Your Very Last Cooler

Your Very Last Cooler

Growing up, Roy Seiders and his brother Ryan always had a passion for the outdoors.

“Hunting, fishing, traveling to outdoor industry trade shows with our teacher-turned-entrepreneur-father,” recalls Roy. “We were raised with an appreciation for wild game, unfamiliar territory, and high-quality gear.”

Roy, who is four years Ryan’s senior, remembers how their outdoors-loving high school teacher father introduced them to entrepreneurship early in life. A class project father Roger, an industrial arts teacher, designed for his students led to the creation of a glue to fix broken fishing rods. That grew into a business.

Following university – Ryan, Texas A&M in 1996; and Roy, Texas Tech in 2000 – the Seiders started their own ventures. Both based their businesses on ideas their father helped nurture: Ryan started a custom-fishing-rod business while Roy began a customized aluminum boat business.

Roy’s boat design incorporated three coolers integral to the vessel as seats and a casting platform. Born out of frustration with coolers that caved in when you stood on them, gave up on cold-holding when the weather got warm, or made it easy for bears to break into, they eventually gave up on their personal businesses and focused on creating a never-before-seen cooler that exceled in durability, extended ice retention, and weather resistance.

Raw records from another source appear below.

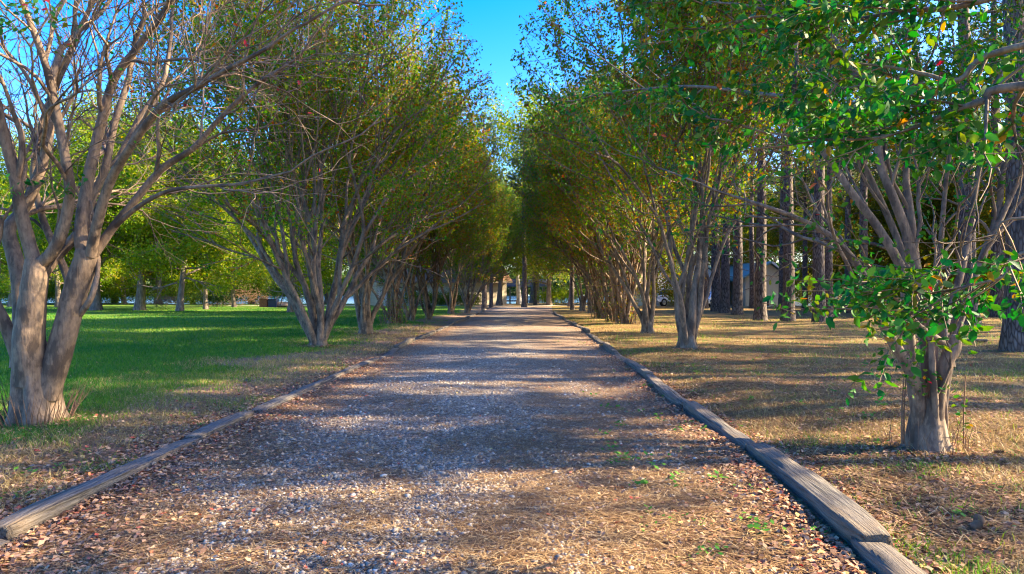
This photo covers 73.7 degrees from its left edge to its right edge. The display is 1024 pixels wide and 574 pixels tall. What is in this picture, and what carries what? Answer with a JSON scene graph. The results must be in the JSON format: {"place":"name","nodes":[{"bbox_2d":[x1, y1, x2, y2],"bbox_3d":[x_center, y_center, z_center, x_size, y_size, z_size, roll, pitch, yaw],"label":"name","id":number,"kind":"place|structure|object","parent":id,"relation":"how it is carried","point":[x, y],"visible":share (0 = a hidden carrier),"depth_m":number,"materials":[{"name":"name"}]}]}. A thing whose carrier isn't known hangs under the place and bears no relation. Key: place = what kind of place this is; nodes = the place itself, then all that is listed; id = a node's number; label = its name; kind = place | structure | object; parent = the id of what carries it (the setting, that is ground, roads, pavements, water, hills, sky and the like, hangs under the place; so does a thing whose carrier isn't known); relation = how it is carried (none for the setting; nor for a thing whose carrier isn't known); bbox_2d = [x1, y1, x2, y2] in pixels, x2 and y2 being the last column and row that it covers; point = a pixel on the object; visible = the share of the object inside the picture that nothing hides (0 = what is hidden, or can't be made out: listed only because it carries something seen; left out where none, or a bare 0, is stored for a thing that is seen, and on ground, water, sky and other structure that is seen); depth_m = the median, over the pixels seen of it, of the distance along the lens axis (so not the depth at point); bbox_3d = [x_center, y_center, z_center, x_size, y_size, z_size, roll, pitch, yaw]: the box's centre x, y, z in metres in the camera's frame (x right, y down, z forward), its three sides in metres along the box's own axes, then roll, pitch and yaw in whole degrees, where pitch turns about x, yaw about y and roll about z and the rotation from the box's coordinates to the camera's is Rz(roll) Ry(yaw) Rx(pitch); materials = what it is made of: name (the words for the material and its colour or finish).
{"place":"outdoors","nodes":[
{"label":"outdoors","id":0,"kind":"place"},
{"bbox_2d":[0,295,578,303],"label":"lake","id":1,"kind":"structure","parent":0,"point":[350,299],"depth_m":142.27,"materials":[{"name":"blue liquid"}]},
{"bbox_2d":[507,279,546,303],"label":"boathouse","id":2,"kind":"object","parent":1,"relation":"in","point":[510,285],"visible":0.19,"depth_m":101.32,"materials":[{"name":"grey wood"}]},
{"bbox_2d":[7,306,842,573],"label":"driveway","id":3,"kind":"structure","parent":0,"point":[545,320],"depth_m":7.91,"materials":[{"name":"grey gravel"}]},
{"bbox_2d":[0,0,1004,291],"label":"sky","id":4,"kind":"structure","parent":0,"point":[493,23],"materials":[{"name":"blue"}]},
{"bbox_2d":[0,293,1023,573],"bbox_3d":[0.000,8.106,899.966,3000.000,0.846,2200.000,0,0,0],"label":"ground","id":5,"kind":"structure","parent":0,"point":[738,329],"depth_m":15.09,"materials":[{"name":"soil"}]},
{"bbox_2d":[0,123,72,306],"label":"oak tree","id":6,"kind":"object","parent":5,"relation":"on","point":[9,302],"visible":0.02,"depth_m":63.73,"materials":[{"name":"green plant"}]},
{"bbox_2d":[0,144,125,306],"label":"oak tree","id":7,"kind":"object","parent":5,"relation":"on","point":[57,279],"visible":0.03,"depth_m":65.51,"materials":[{"name":"green plant"}]},
{"bbox_2d":[0,276,131,303],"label":"shrub","id":8,"kind":"object","parent":5,"relation":"on","point":[50,289],"visible":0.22,"depth_m":78.81,"materials":[{"name":"green plant"}]},
{"bbox_2d":[0,84,165,310],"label":"oak tree","id":9,"kind":"object","parent":5,"relation":"on","point":[96,304],"visible":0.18,"depth_m":50.32,"materials":[{"name":"green plant"}]},
{"bbox_2d":[0,438,200,541],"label":"edging timber","id":10,"kind":"object","parent":5,"relation":"on","point":[23,520],"visible":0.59,"depth_m":4.69,"materials":[{"name":"grey wood"}]},
{"bbox_2d":[88,276,136,303],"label":"shrub","id":11,"kind":"object","parent":5,"relation":"on","point":[115,293],"visible":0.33,"depth_m":77.99,"materials":[{"name":"green plant"}]},
{"bbox_2d":[100,251,168,303],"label":"oak tree","id":12,"kind":"object","parent":5,"relation":"on","point":[122,282],"visible":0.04,"depth_m":78.15,"materials":[{"name":"green plant"}]},
{"bbox_2d":[40,90,230,310],"bbox_3d":[-28.939,-6.746,53.044,14.569,17.722,14.553,0,0,15],"label":"oak tree","id":13,"kind":"object","parent":5,"relation":"on","point":[140,301],"visible":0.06,"depth_m":51.75,"materials":[{"name":"green plant"}]},
{"bbox_2d":[101,278,186,303],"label":"shrub","id":14,"kind":"object","parent":5,"relation":"on","point":[133,294],"visible":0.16,"depth_m":83.01,"materials":[{"name":"green plant"}]},
{"bbox_2d":[105,172,205,303],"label":"oak tree","id":15,"kind":"object","parent":5,"relation":"on","point":[157,283],"visible":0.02,"depth_m":81.50,"materials":[{"name":"green plant"}]},
{"bbox_2d":[147,295,184,306],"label":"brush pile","id":16,"kind":"object","parent":5,"relation":"on","point":[166,299],"visible":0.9,"depth_m":65.82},
{"bbox_2d":[122,276,229,303],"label":"shrub","id":17,"kind":"object","parent":5,"relation":"on","point":[165,292],"visible":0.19,"depth_m":78.90,"materials":[{"name":"green plant"}]},
{"bbox_2d":[104,115,257,310],"bbox_3d":[-24.133,-5.558,50.449,11.815,15.188,12.061,0,0,-4],"label":"oak tree","id":18,"kind":"object","parent":5,"relation":"on","point":[136,218],"visible":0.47,"depth_m":48.53,"materials":[{"name":"green plant"}]},
{"bbox_2d":[152,178,256,308],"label":"oak tree","id":19,"kind":"object","parent":5,"relation":"on","point":[206,291],"visible":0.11,"depth_m":56.19,"materials":[{"name":"green plant"}]},
{"bbox_2d":[0,0,417,429],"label":"crape myrtle","id":20,"kind":"object","parent":5,"relation":"on","point":[39,365],"visible":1,"depth_m":7.30,"materials":[{"name":"bark"},{"name":"leaf"}]},
{"bbox_2d":[188,291,230,306],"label":"shrub","id":21,"kind":"object","parent":5,"relation":"on","point":[221,299],"visible":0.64,"depth_m":65.51,"materials":[{"name":"green plant"}]},
{"bbox_2d":[165,282,261,304],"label":"shrub","id":22,"kind":"object","parent":5,"relation":"on","point":[193,295],"visible":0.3,"depth_m":76.32,"materials":[{"name":"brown plant"}]},
{"bbox_2d":[184,411,253,441],"bbox_3d":[-3.110,1.514,7.330,0.205,0.147,1.420,-1,-1,-1],"label":"edging timber","id":23,"kind":"object","parent":5,"relation":"on","point":[201,433],"visible":0.62,"depth_m":7.17,"materials":[{"name":"wood"}]},
{"bbox_2d":[186,176,283,306],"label":"oak tree","id":24,"kind":"object","parent":5,"relation":"on","point":[233,297],"visible":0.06,"depth_m":63.80,"materials":[{"name":"green plant"}]},
{"bbox_2d":[200,284,278,305],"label":"bush","id":25,"kind":"object","parent":5,"relation":"on","point":[244,295],"visible":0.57,"depth_m":68.02,"materials":[{"name":"green plant"}]},
{"bbox_2d":[208,281,299,303],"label":"shrub","id":26,"kind":"object","parent":5,"relation":"on","point":[274,293],"visible":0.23,"depth_m":83.90,"materials":[{"name":"green plant"}]},
{"bbox_2d":[227,278,329,303],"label":"shrub","id":27,"kind":"object","parent":5,"relation":"on","point":[270,293],"visible":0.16,"depth_m":82.48,"materials":[{"name":"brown plant"}]},
{"bbox_2d":[252,387,313,412],"bbox_3d":[-3.082,1.563,9.265,0.219,0.162,1.950,-2,-1,1],"label":"edging timber","id":28,"kind":"object","parent":5,"relation":"on","point":[273,403],"visible":0.5,"depth_m":9.00,"materials":[{"name":"wood"}]},
{"bbox_2d":[213,153,357,312],"bbox_3d":[-15.371,-4.272,47.813,9.760,12.546,9.964,0,0,29],"label":"oak tree","id":29,"kind":"object","parent":5,"relation":"on","point":[255,269],"visible":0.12,"depth_m":46.23,"materials":[{"name":"green plant"}]},
{"bbox_2d":[105,0,504,347],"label":"crape myrtle","id":30,"kind":"object","parent":5,"relation":"on","point":[317,326],"visible":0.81,"depth_m":17.01,"materials":[{"name":"green plant"}]},
{"bbox_2d":[277,225,358,303],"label":"oak tree","id":31,"kind":"object","parent":5,"relation":"on","point":[330,278],"visible":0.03,"depth_m":85.20,"materials":[{"name":"green plant"}]},
{"bbox_2d":[0,264,647,295],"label":"wood","id":32,"kind":"object","parent":5,"relation":"on","point":[554,281],"visible":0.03,"depth_m":304.86,"materials":[{"name":"green plant"}]},
{"bbox_2d":[301,368,352,389],"bbox_3d":[-3.065,1.586,11.389,0.208,0.184,2.602,-14,0,2],"label":"edging timber","id":33,"kind":"object","parent":5,"relation":"on","point":[329,379],"visible":0.45,"depth_m":11.21,"materials":[{"name":"wood"}]},
{"bbox_2d":[310,148,412,303],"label":"oak tree","id":34,"kind":"object","parent":5,"relation":"on","point":[360,295],"visible":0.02,"depth_m":79.83,"materials":[{"name":"green plant"}]},
{"bbox_2d":[229,31,495,334],"bbox_3d":[-4.949,-3.391,22.814,8.781,10.272,8.386,0,0,21],"label":"crape myrtle","id":35,"kind":"object","parent":5,"relation":"on","point":[365,315],"visible":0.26,"depth_m":22.66,"materials":[{"name":"green plant"}]},
{"bbox_2d":[345,357,379,370],"bbox_3d":[-3.029,1.614,13.964,0.188,0.158,2.450,7,-1,1],"label":"edging timber","id":36,"kind":"object","parent":5,"relation":"on","point":[361,364],"visible":0.52,"depth_m":13.71,"materials":[{"name":"wood"}]},
{"bbox_2d":[292,84,497,323],"bbox_3d":[-5.308,-3.692,30.584,9.191,10.962,9.040,0,0,-30],"label":"crape myrtle","id":37,"kind":"object","parent":5,"relation":"on","point":[393,306],"visible":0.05,"depth_m":30.13,"materials":[{"name":"green plant"}]},
{"bbox_2d":[394,337,414,348],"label":"edging timber","id":38,"kind":"object","parent":5,"relation":"on","point":[407,341],"visible":0.74,"depth_m":18.58,"materials":[{"name":"wood"}]},
{"bbox_2d":[326,142,493,320],"bbox_3d":[-5.217,-3.130,35.062,8.946,9.988,8.583,0,0,-29],"label":"crape myrtle","id":39,"kind":"object","parent":5,"relation":"on","point":[413,307],"visible":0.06,"depth_m":34.86,"materials":[{"name":"green plant"}]},
{"bbox_2d":[398,286,446,304],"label":"shrub","id":40,"kind":"object","parent":5,"relation":"on","point":[415,295],"visible":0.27,"depth_m":72.23,"materials":[{"name":"green plant"}]},
{"bbox_2d":[348,132,509,318],"bbox_3d":[-4.747,-3.369,36.177,8.725,10.461,9.563,0,0,-9],"label":"crape myrtle","id":41,"kind":"object","parent":5,"relation":"on","point":[428,310],"visible":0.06,"depth_m":35.68,"materials":[{"name":"green plant"}]},
{"bbox_2d":[363,260,512,304],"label":"cream house","id":42,"kind":"structure","parent":5,"relation":"on","point":[374,300],"depth_m":77.87,"materials":[{"name":"brick"}]},
{"bbox_2d":[422,288,461,304],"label":"shrub","id":43,"kind":"object","parent":5,"relation":"on","point":[442,302],"visible":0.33,"depth_m":72.25,"materials":[{"name":"green plant"}]},
{"bbox_2d":[440,285,481,304],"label":"shrub","id":44,"kind":"object","parent":5,"relation":"on","point":[461,300],"visible":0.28,"depth_m":72.07,"materials":[{"name":"green plant"}]},
{"bbox_2d":[418,170,514,313],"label":"crape myrtle","id":45,"kind":"object","parent":5,"relation":"on","point":[451,304],"visible":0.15,"depth_m":42.78,"materials":[{"name":"green plant"}]},
{"bbox_2d":[430,172,526,312],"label":"crape myrtle","id":46,"kind":"object","parent":5,"relation":"on","point":[468,302],"visible":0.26,"depth_m":47.83,"materials":[{"name":"green plant"}]},
{"bbox_2d":[473,111,516,309],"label":"pine tree","id":47,"kind":"object","parent":5,"relation":"on","point":[484,298],"visible":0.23,"depth_m":58.08,"materials":[{"name":"green plant"}]},
{"bbox_2d":[487,189,504,307],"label":"pine tree","id":48,"kind":"object","parent":5,"relation":"on","point":[491,292],"visible":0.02,"depth_m":63.87,"materials":[{"name":"brown plant"}]},
{"bbox_2d":[455,167,541,304],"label":"oak tree","id":49,"kind":"object","parent":5,"relation":"on","point":[499,294],"visible":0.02,"depth_m":75.88,"materials":[{"name":"green plant"}]},
{"bbox_2d":[501,186,521,303],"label":"pale trunk tree","id":50,"kind":"object","parent":5,"relation":"on","point":[518,294],"visible":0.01,"depth_m":81.66,"materials":[{"name":"beige plant"}]},
{"bbox_2d":[0,345,1023,573],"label":"pine straw","id":51,"kind":"object","parent":5,"relation":"on","point":[509,556],"visible":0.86,"depth_m":4.74,"materials":[{"name":"brown plant"}]},
{"bbox_2d":[0,320,1023,573],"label":"fallen leaves","id":52,"kind":"object","parent":5,"relation":"on","point":[834,546],"depth_m":5.35,"materials":[{"name":"brown plant"}]},
{"bbox_2d":[0,307,1023,573],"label":"grass","id":53,"kind":"structure","parent":5,"relation":"on","point":[88,353],"depth_m":14.58,"materials":[{"name":"green plant"}]},
{"bbox_2d":[0,340,1023,560],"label":"weeds","id":54,"kind":"object","parent":5,"relation":"on","point":[755,525],"visible":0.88,"depth_m":5.61,"materials":[{"name":"green plant"}]},
{"bbox_2d":[502,124,539,306],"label":"pine tree","id":55,"kind":"object","parent":5,"relation":"on","point":[524,277],"visible":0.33,"depth_m":66.02,"materials":[{"name":"green plant"}]},
{"bbox_2d":[470,72,575,302],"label":"oak tree","id":56,"kind":"object","parent":5,"relation":"on","point":[506,126],"visible":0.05,"depth_m":93.60,"materials":[{"name":"green plant"}]},
{"bbox_2d":[504,186,593,304],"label":"oak tree","id":57,"kind":"object","parent":5,"relation":"on","point":[548,295],"visible":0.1,"depth_m":71.90,"materials":[{"name":"green plant"}]},
{"bbox_2d":[506,130,600,306],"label":"woodland tree","id":58,"kind":"object","parent":5,"relation":"on","point":[531,264],"visible":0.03,"depth_m":64.19,"materials":[{"name":"green plant"}]},
{"bbox_2d":[531,285,577,303],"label":"shrub","id":59,"kind":"object","parent":5,"relation":"on","point":[538,295],"visible":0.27,"depth_m":79.68,"materials":[{"name":"green plant"}]},
{"bbox_2d":[536,284,585,304],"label":"shrub","id":60,"kind":"object","parent":5,"relation":"on","point":[557,295],"visible":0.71,"depth_m":73.35,"materials":[{"name":"green plant"}]},
{"bbox_2d":[526,202,600,310],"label":"crape myrtle","id":61,"kind":"object","parent":5,"relation":"on","point":[582,300],"visible":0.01,"depth_m":50.41,"materials":[{"name":"green plant"}]},
{"bbox_2d":[566,255,574,309],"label":"pine tree","id":62,"kind":"object","parent":5,"relation":"on","point":[572,306],"visible":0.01,"depth_m":54.73,"materials":[{"name":"brown plant"}]},
{"bbox_2d":[526,210,639,313],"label":"crape myrtle","id":63,"kind":"object","parent":5,"relation":"on","point":[590,302],"visible":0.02,"depth_m":45.67,"materials":[{"name":"green plant"}]},
{"bbox_2d":[519,160,687,318],"bbox_3d":[5.123,-3.811,37.429,9.675,11.451,8.818,2,1,14],"label":"crape myrtle","id":64,"kind":"object","parent":5,"relation":"on","point":[598,312],"visible":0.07,"depth_m":37.19,"materials":[{"name":"green plant"}]},
{"bbox_2d":[517,108,711,321],"bbox_3d":[4.923,-3.847,32.808,9.393,11.407,9.797,-3,3,-19],"label":"crape myrtle","id":65,"kind":"object","parent":5,"relation":"on","point":[608,308],"visible":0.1,"depth_m":32.69,"materials":[{"name":"green plant"}]},
{"bbox_2d":[512,59,731,323],"bbox_3d":[5.063,-4.036,30.642,9.548,11.654,9.170,-1,1,38],"label":"crape myrtle","id":66,"kind":"object","parent":5,"relation":"on","point":[624,313],"visible":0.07,"depth_m":30.23,"materials":[{"name":"green plant"}]},
{"bbox_2d":[625,360,653,378],"bbox_3d":[2.352,1.538,12.790,0.179,0.171,2.400,3,-1,1],"label":"edging timber","id":67,"kind":"object","parent":5,"relation":"on","point":[643,371],"visible":0.69,"depth_m":12.34,"materials":[{"name":"wood"}]},
{"bbox_2d":[531,55,753,332],"bbox_3d":[4.653,-3.182,24.372,7.663,9.951,7.624,-3,-1,-43],"label":"crape myrtle","id":68,"kind":"object","parent":5,"relation":"on","point":[646,315],"visible":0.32,"depth_m":23.97,"materials":[{"name":"green plant"}]},
{"bbox_2d":[650,289,673,305],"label":"pickup truck","id":69,"kind":"object","parent":5,"relation":"on","point":[662,301],"visible":0.23,"depth_m":67.20,"materials":[{"name":"white paint"}]},
{"bbox_2d":[624,237,705,307],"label":"woodland tree","id":70,"kind":"object","parent":5,"relation":"on","point":[669,294],"visible":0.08,"depth_m":59.58,"materials":[{"name":"green plant"}]},
{"bbox_2d":[645,374,688,408],"bbox_3d":[2.286,1.559,10.314,0.252,0.157,2.751,8,1,2],"label":"edging timber","id":71,"kind":"object","parent":5,"relation":"on","point":[671,396],"visible":0.69,"depth_m":9.82,"materials":[{"name":"wood"}]},
{"bbox_2d":[509,0,872,349],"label":"crape myrtle","id":72,"kind":"object","parent":5,"relation":"on","point":[689,313],"visible":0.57,"depth_m":16.26,"materials":[{"name":"green plant"}]},
{"bbox_2d":[677,163,756,269],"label":"woodland tree","id":73,"kind":"object","parent":5,"relation":"on","point":[744,249],"visible":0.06,"depth_m":77.53,"materials":[{"name":"green wood"}]},
{"bbox_2d":[683,401,754,450],"bbox_3d":[2.257,1.550,7.613,0.190,0.182,2.450,2,0,1],"label":"edging timber","id":74,"kind":"object","parent":5,"relation":"on","point":[706,416],"visible":0.66,"depth_m":7.42,"materials":[{"name":"wood"}]},
{"bbox_2d":[694,16,746,311],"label":"pine tree","id":75,"kind":"object","parent":5,"relation":"on","point":[715,293],"visible":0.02,"depth_m":50.35,"materials":[{"name":"brown plant"}]},
{"bbox_2d":[633,257,837,305],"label":"teal roof house","id":76,"kind":"structure","parent":5,"relation":"on","point":[772,268],"depth_m":69.66,"materials":[{"name":"white brick"}]},
{"bbox_2d":[719,143,756,312],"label":"pine tree","id":77,"kind":"object","parent":5,"relation":"on","point":[725,307],"visible":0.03,"depth_m":47.79,"materials":[{"name":"brown plant"}]},
{"bbox_2d":[710,45,782,314],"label":"pine tree","id":78,"kind":"object","parent":5,"relation":"on","point":[737,301],"visible":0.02,"depth_m":42.43,"materials":[{"name":"brown plant"}]},
{"bbox_2d":[731,116,780,307],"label":"pine tree","id":79,"kind":"object","parent":5,"relation":"on","point":[751,262],"visible":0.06,"depth_m":59.92,"materials":[{"name":"brown plant"}]},
{"bbox_2d":[721,2,797,320],"bbox_3d":[12.790,-7.540,35.330,6.974,18.922,6.462,0,-1,-37],"label":"pine tree","id":80,"kind":"object","parent":5,"relation":"on","point":[760,313],"visible":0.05,"depth_m":34.74,"materials":[{"name":"brown plant"}]},
{"bbox_2d":[513,0,1023,458],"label":"crape myrtle","id":81,"kind":"object","parent":5,"relation":"on","point":[927,422],"visible":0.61,"depth_m":6.48,"materials":[{"name":"green plant"}]},
{"bbox_2d":[741,104,813,310],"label":"pine tree","id":82,"kind":"object","parent":5,"relation":"on","point":[780,289],"visible":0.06,"depth_m":53.21,"materials":[{"name":"brown plant"}]},
{"bbox_2d":[731,158,834,263],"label":"woodland tree","id":83,"kind":"object","parent":5,"relation":"on","point":[772,238],"visible":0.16,"depth_m":78.92,"materials":[{"name":"green wood"}]},
{"bbox_2d":[737,29,861,320],"bbox_3d":[13.534,-9.140,34.108,7.132,22.084,6.604,0,-1,38],"label":"pine tree","id":84,"kind":"object","parent":5,"relation":"on","point":[788,272],"depth_m":33.50,"materials":[{"name":"brown plant"}]},
{"bbox_2d":[771,143,843,309],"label":"pine tree","id":85,"kind":"object","parent":5,"relation":"on","point":[805,257],"visible":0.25,"depth_m":53.18,"materials":[{"name":"brown plant"}]},
{"bbox_2d":[609,0,1023,405],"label":"leaves","id":86,"kind":"object","parent":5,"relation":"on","point":[884,115],"visible":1,"depth_m":3.46,"materials":[{"name":"green plant"}]},
{"bbox_2d":[746,442,892,547],"bbox_3d":[2.160,1.482,5.056,0.235,0.188,2.582,-3,-2,5],"label":"edging timber","id":87,"kind":"object","parent":5,"relation":"on","point":[845,517],"visible":0.73,"depth_m":4.51,"materials":[{"name":"grey wood"}]},
{"bbox_2d":[777,173,882,307],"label":"woodland tree","id":88,"kind":"object","parent":5,"relation":"on","point":[810,269],"visible":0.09,"depth_m":61.62,"materials":[{"name":"plant"}]},
{"bbox_2d":[774,1,889,322],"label":"pine tree","id":89,"kind":"object","parent":5,"relation":"on","point":[818,259],"visible":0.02,"depth_m":31.81,"materials":[{"name":"brown plant"}]},
{"bbox_2d":[796,28,888,317],"bbox_3d":[17.684,-6.641,37.831,5.082,16.994,5.488,0,0,16],"label":"pine tree","id":90,"kind":"object","parent":5,"relation":"on","point":[829,264],"visible":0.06,"depth_m":37.47,"materials":[{"name":"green plant"}]},
{"bbox_2d":[804,88,899,312],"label":"pine tree","id":91,"kind":"object","parent":5,"relation":"on","point":[852,173],"visible":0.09,"depth_m":47.83,"materials":[{"name":"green plant"}]},
{"bbox_2d":[810,10,915,315],"bbox_3d":[20.555,-7.839,39.952,6.042,19.522,6.242,0,-1,42],"label":"pine tree","id":92,"kind":"object","parent":5,"relation":"on","point":[863,190],"visible":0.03,"depth_m":39.85,"materials":[{"name":"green plant"}]},
{"bbox_2d":[809,172,929,297],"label":"woodland tree","id":93,"kind":"object","parent":5,"relation":"on","point":[874,206],"visible":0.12,"depth_m":51.81,"materials":[{"name":"green wood"}]},
{"bbox_2d":[850,536,927,573],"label":"edging timber","id":94,"kind":"object","parent":5,"relation":"on","point":[878,557],"visible":0.78,"depth_m":3.58,"materials":[{"name":"grey wood"}]},
{"bbox_2d":[834,144,957,264],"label":"woodland tree","id":95,"kind":"object","parent":5,"relation":"on","point":[883,197],"visible":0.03,"depth_m":66.23,"materials":[{"name":"green plant"}]},
{"bbox_2d":[867,19,949,247],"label":"pine tree","id":96,"kind":"object","parent":5,"relation":"on","point":[910,75],"visible":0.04,"depth_m":45.47,"materials":[{"name":"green plant"}]},
{"bbox_2d":[872,149,990,310],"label":"woodland tree","id":97,"kind":"object","parent":5,"relation":"on","point":[936,204],"visible":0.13,"depth_m":46.85,"materials":[{"name":"green wood"}]},
{"bbox_2d":[865,0,1002,324],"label":"pine tree","id":98,"kind":"object","parent":5,"relation":"on","point":[969,187],"visible":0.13,"depth_m":30.33,"materials":[{"name":"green plant"}]},
{"bbox_2d":[899,105,1004,311],"bbox_3d":[34.481,-6.012,49.795,12.081,16.035,11.982,0,0,-1],"label":"woodland tree","id":99,"kind":"object","parent":5,"relation":"on","point":[981,119],"visible":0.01,"depth_m":49.73,"materials":[{"name":"green plant"}]},
{"bbox_2d":[927,0,1004,316],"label":"pine tree","id":100,"kind":"object","parent":5,"relation":"on","point":[997,247],"visible":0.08,"depth_m":38.30,"materials":[{"name":"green plant"}]},
{"bbox_2d":[928,133,1005,303],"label":"woodland tree","id":101,"kind":"object","parent":5,"relation":"on","point":[987,217],"visible":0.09,"depth_m":40.06,"materials":[{"name":"green wood"}]},
{"bbox_2d":[998,0,1023,351],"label":"pine tree","id":102,"kind":"object","parent":5,"relation":"on","point":[1011,339],"visible":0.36,"depth_m":16.71,"materials":[{"name":"brown plant"}]},
{"bbox_2d":[228,305,800,305],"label":"path","id":103,"kind":"structure","parent":0,"point":[478,305],"depth_m":72.01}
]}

“The coolers available at the time just weren’t up to our outdoor adventures – the handles would break, the latches would snap off, and the lids would cave in. Not only was it a hassle to replace our coolers after each season, but also these cheaply built, ordinary ice chests were limiting our good times,” adds Ryan. “And that frustration led us to a solution.”

“In 2006, we founded Yeti Coolers with a simple mission: build the cooler we’d use every day if it existed. One that was built for the serious outdoor enthusiast rather than for the mass-discount retailers. One that could take the abuse we knew we’d put it through out in the field and on the water. One that simply wouldn’t break,” says Roy. “We decided early on that product innovation would come from necessity and firsthand experience – not from market research and data analysis. Today, Yeti products perform when it matters most – whether that be an excursion into the remote Alaskan wilderness, chasing redfish on the Gulf coast, or just getting together with friends in the backyard.”

The cornerstone of the Yeti line remains its Tundra hard coolers. Ranging in size from a small 35-quart design for day trips to a US$1,500, 350-quart behemoth for lengthy excursions on land or water.

Rotational-molded construction makes a Yeti virtually indestructible. In fact, with locks in the integrated padlock ports on the corners of each Yeti Tundra, these coolers are certified bear-proof by the Interagency Grizzly Bear Committee.

“A very well-designed product,” said mechanical engineer Scott Haseman. “This is the Ferrari of coolers.”

Yeti’s lid latches are the same design and material as those used on ATVs so they are strong enough to take a pounding. A full-length integrated hinge system will not fail.

A Yeti’s two-inch thick walls are filled with premium polyurethane insulation – standard cooler walls are only a half-inch thick. In the lid, Yeti goes even further with a solid three-inch insulated top that doubles as a great casting platform or comfortable seat by the fire at the end of a long day. In a contest at Carolina Sporting Arms, a Yeti Tundra held ice for 248 hours – that’s more than 10 days.